Die Anwendungsgebiete der neueren Form der Hyposensibilisierung (= sublinguale Immuntherapie bzw. SLIT mit unter die Zunge – sublingual – geträufelter Therapielösung) sind wesentlich kleiner: Bei einer Hausstaubmilbenallergie beziehungsweise bei allergischem Asthma stellt die SLIT keinen Ersatz für die Therapie mit Spritzen (SCIT) dar. Bei Pollenallergien findet neben der klassischen Hyposensibilisierung durch Spritzen jedoch zunehmend die sublinguale Immuntherapie Anwendung. Die unter die Zunge gegebenen Tropfen mit Pollenallergenen haben sich besonders gegen allergischen Schnupfen mit Bindehautentzündung bei Erwachsenen (auch bei saisonaler Anwendung) als wirksam erwiesen. Aber auch bei Kindern und Jugendlichen, bei denen eine Hyposensibilisierung per Spritze nicht infrage kommt, ist die SLIT anwendbar.
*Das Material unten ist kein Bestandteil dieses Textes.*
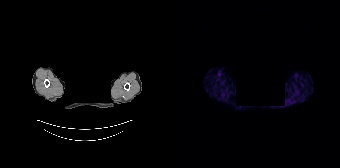
modality: PSMA PET/CT | tracer: 68Ga-PSMA | view: axial | PET grid: 168×168 | redaction: facial region redacted
No tumor lesions annotated on this slice.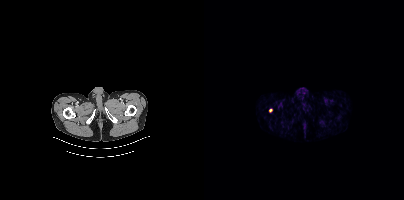
Coordinates are on the 200×200 PET (right) panel. Small PSMA-avid focus (2 to 4 px across) near (center x, center y): (66, 110).
modality: PSMA PET/CT | tracer: 68Ga-PSMA | view: axial | PET grid: 200×200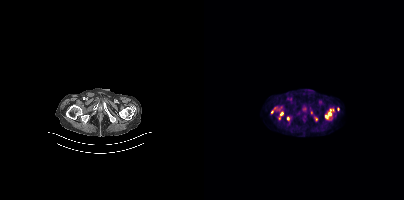
{"modality":"PSMA PET/CT","view":"axial","tracer":"18F-PSMA","pet_grid":[200,200],"coord_frame":"pet_panel","coord_format":"x0,y0,x1,y1","lesion_bboxes":[],"small_foci_centers":[[77,113],[68,112]]}
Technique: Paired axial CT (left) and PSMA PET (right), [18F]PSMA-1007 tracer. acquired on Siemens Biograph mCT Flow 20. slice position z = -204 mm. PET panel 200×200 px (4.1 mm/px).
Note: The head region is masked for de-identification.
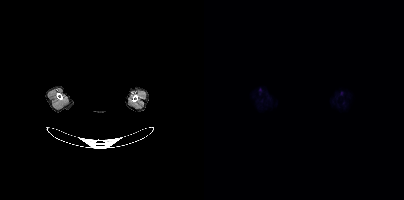
Findings: This slice has no annotated PSMA-avid lesion.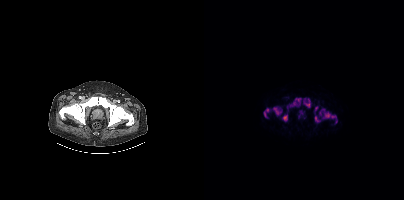
Coordinates are on the 200×200 PET (right) panel. (showing 7 of 8 foci) PSMA-avid tumor lesion bounding boxes (x0, y0)-(x1, y1): (86, 97)-(106, 107) | (115, 109)-(133, 123) | (69, 107)-(77, 115) | (59, 108)-(66, 118) | (78, 114)-(83, 121) | (110, 116)-(116, 122) | (111, 106)-(114, 111).
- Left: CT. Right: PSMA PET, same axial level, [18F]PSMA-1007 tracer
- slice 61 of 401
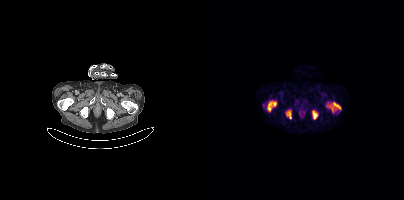
Findings: Coordinates are on the 200×200 PET (right) panel. PSMA-avid tumor lesion bounding boxes (x0, y0)-(x1, y1): (123, 102)-(137, 112) / (64, 101)-(72, 110) / (82, 110)-(87, 118) / (108, 110)-(113, 119).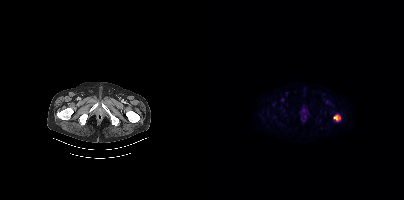
{"modality":"PSMA PET/CT","view":"axial","tracer":"18F","pet_grid":[200,200],"coord_frame":"pet_panel","coord_format":"x0,y0,x1,y1","lesion_bboxes":[[130,115,136,120]],"small_foci_centers":[[78,99]]}
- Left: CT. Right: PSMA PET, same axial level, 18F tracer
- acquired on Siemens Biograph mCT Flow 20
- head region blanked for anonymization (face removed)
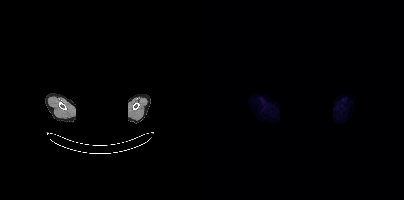
Findings: No tumor lesions annotated on this slice.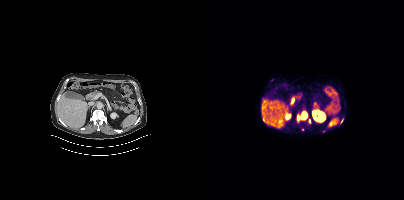
{"modality":"PSMA PET/CT","view":"axial","tracer":"18F","pet_grid":[200,200],"coord_frame":"pet_panel","coord_format":"x0,y0,x1,y1","lesion_bboxes":[[98,112,103,119]],"small_foci_centers":[[94,118],[105,120]]}

Bei einer Gräserallergie, die eine Allergie gegen das Wiesenlieschgras einschließt, kann auch die Gräsertablette zur Hyposensibilisierung zum Einsatz kommen. Sie ist ebenso wie die sublinguale Hyposensibilisierung mit Tropfen besonders für Erwachsene geeignet, die starken Heuschnupfen haben und eine Desensibilisierung mit Spritzen ablehnen. Eine Hyposensibilisierung mit Gräsertabletten ist aber auch bei Kindern ab fünf Jahren möglich: Bei ihnen zeigt die einjährige spezifische Immuntherapie mit Tabletten eine ähnliche Wirkung wie bei Erwachsenen. Wie die Gräsertablette bei Kindern langfristig wirkt, lässt sich noch nicht sagen. Grundsätzlich ist es bei einer Allergie gegen Pollen ratsam, jegliche Hyposensibilisierung erst zu beginnen, wenn sich entsprechende Beschwerden auch in der zweiten Pollensaison zeigen.